Evangeliums Rundfunk (ERF)
- Founded: 1959
- Type: Evangelical Media Distributor
- Region served: Germany, European countries
- Key people: Jörg Dechert, president
- Website: erf.de

= ERF Medien =

German media corporation

ERF Medien e. V. (German: Evangeliumsrundfunk) is a German evangelical media corporation, based in Wetzlar, Hesse. The Corporation is producing Radio- and TV as well as online content with Christian-evangelical messages. The organization was founded in 1959 as Evangeliums-Rundfunk (ERF) (gospel broadcast). Theologically, ERF Medien is close to the Evangelical Alliance in Germany. ERF is partner of Trans World Radio.

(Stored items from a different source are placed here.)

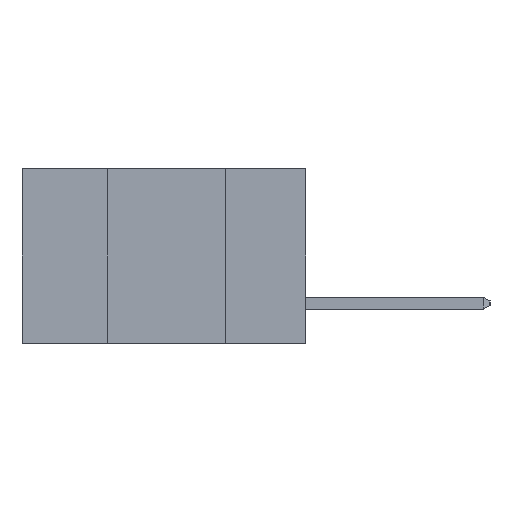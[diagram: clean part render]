
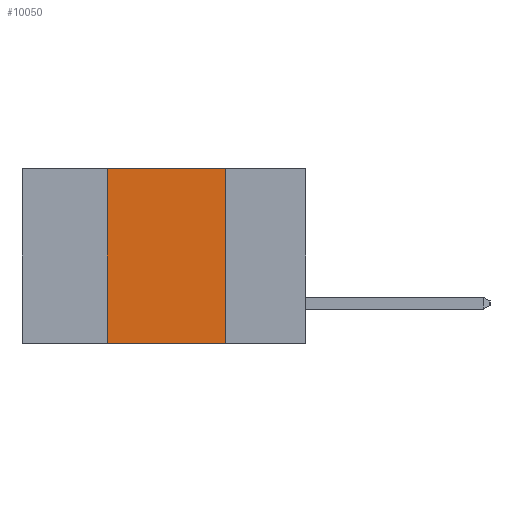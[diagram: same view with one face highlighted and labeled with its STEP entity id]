
A CAD part, left-side view. The second image highlights one B-rep face of the part: STEP entity #10050.
In plain terms, the highlighted planar face has unit normal (-1, 0, 0).
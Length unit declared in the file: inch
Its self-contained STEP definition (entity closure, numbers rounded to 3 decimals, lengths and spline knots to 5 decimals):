
#190 = FACE_OUTER_BOUND ( 'NONE', #16643, .T. ) ;
#571 = LINE ( 'NONE', #5636, #4482 ) ;
#703 = EDGE_CURVE ( 'NONE', #6676, #5086, #571, .T. ) ;
#1158 = AXIS2_PLACEMENT_3D ( 'NONE', #16210, #8190, #17539 ) ;
#2104 = LINE ( 'NONE', #15088, #9133 ) ;
#2676 = DIRECTION ( 'NONE',  ( 0., 0., -1. ) ) ;
#3614 = CARTESIAN_POINT ( 'NONE',  ( 0., 0.42, -0.37 ) ) ;
#3975 = PLANE ( 'NONE',  #1158 ) ;
#4001 = DIRECTION ( 'NONE',  ( 0., -1., 0. ) ) ;
#4193 = DIRECTION ( 'NONE',  ( 0., -1., 0. ) ) ;
#4482 = VECTOR ( 'NONE', #2676, 39.37008 ) ;
#4971 = VERTEX_POINT ( 'NONE', #14475 ) ;
#5086 = VERTEX_POINT ( 'NONE', #17374 ) ;
#5636 = CARTESIAN_POINT ( 'NONE',  ( 0., 0.17, -0.37 ) ) ;
#5714 = ORIENTED_EDGE ( 'NONE', *, *, #14136, .T. ) ;
#6336 = EDGE_CURVE ( 'NONE', #15885, #4971, #15729, .T. ) ;
#6676 = VERTEX_POINT ( 'NONE', #12593 ) ;
#6682 = LINE ( 'NONE', #17566, #16981 ) ;
#7854 = DIRECTION ( 'NONE',  ( 0., 0., 1. ) ) ;
#8032 = CARTESIAN_POINT ( 'NONE',  ( 0., 0.42, -0.37 ) ) ;
#8190 = DIRECTION ( 'NONE',  ( 1., 0., 0. ) ) ;
#9133 = VECTOR ( 'NONE', #4193, 39.37008 ) ;
#10050 = ADVANCED_FACE ( 'NONE', ( #190 ), #3975, .F. ) ;
#11394 = EDGE_CURVE ( 'NONE', #4971, #6676, #6682, .T. ) ;
#11649 = ORIENTED_EDGE ( 'NONE', *, *, #703, .F. ) ;
#12167 = VECTOR ( 'NONE', #7854, 39.37008 ) ;
#12593 = CARTESIAN_POINT ( 'NONE',  ( 0., 0.17, 0. ) ) ;
#14136 = EDGE_CURVE ( 'NONE', #15885, #5086, #2104, .T. ) ;
#14475 = CARTESIAN_POINT ( 'NONE',  ( 0., 0.42, 0. ) ) ;
#15088 = CARTESIAN_POINT ( 'NONE',  ( 0., 0.6, -0.37 ) ) ;
#15222 = ORIENTED_EDGE ( 'NONE', *, *, #11394, .F. ) ;
#15729 = LINE ( 'NONE', #3614, #12167 ) ;
#15885 = VERTEX_POINT ( 'NONE', #8032 ) ;
#16049 = ORIENTED_EDGE ( 'NONE', *, *, #6336, .F. ) ;
#16210 = CARTESIAN_POINT ( 'NONE',  ( 0., 0.6, 0. ) ) ;
#16643 = EDGE_LOOP ( 'NONE', ( #11649, #15222, #16049, #5714 ) ) ;
#16981 = VECTOR ( 'NONE', #4001, 39.37008 ) ;
#17374 = CARTESIAN_POINT ( 'NONE',  ( 0., 0.17, -0.37 ) ) ;
#17539 = DIRECTION ( 'NONE',  ( 0., 0., -1. ) ) ;
#17566 = CARTESIAN_POINT ( 'NONE',  ( 0., 0.6, 0. ) ) ;

The funding is almost exclusively through donations from listeners, viewers, online users and friends with annual revenues of 17.3 million euros (as of 2018). In addition, there is an ERF Foundation since 2001, whose statutory purpose is to provide financial support to the broadcaster.

== Program ==
ERF produces ten foreign-language radio programs for the German-speaking region.

The TV program ERF1 is distributed via Satellite (DVB-S at Astra 1M), Live-stream and since 1 April 2009 also in some digital cable networks in Germany (DVB-C).

== Network ==
ERF has a close media partnership with the missionary campaign ProChrist and the evangelical Christian Media Foundation (SCM).

== History ==
In Tangier, Morocco, the German missionary Helmut Gärtner came into contact with US missionaries who had been conducting radio missions for some time. He was responsible for the German Christians in Spain and agreed to establish a German-speaking department for the US missionaries. Thus, starting in 1956, broadcasts from Tangier also began in German. In October 1959, at Gärtner's instigation, a German branch was founded in Wetzlar, central Hesse, under the name "Evangeliums-Rundfunk" (ERF).

The first broadcast was originally scheduled for the summer of 1960. Trans World Radio was broadcasting from the transmitter facilities previously built by the Nazis on Mount Agel in Monte Carlo. A medium wave transmitter was added in 1964. However, technical difficulties meant that the broadcast launch had to be postponed several times. On February 5, 1961, the ERF went on air via the shortwave transmitter of TWR Monte Carlo. From 1964, the ERF also broadcast from Monte Carlo to Germany via medium wave. Key figures in the early years were theologian Walter Quiring and journalist Horst Marquardt. Marquardt headed the ERF until 1993.

In 1995, the ERF received its first license for private broadcasting in Hesse, allowing it to broadcast nationwide on medium wave.

The ERF Foundation, founded in 2001, supports the work financially.

In addition to producing radio programs, the ERF launched its own television program in 1979.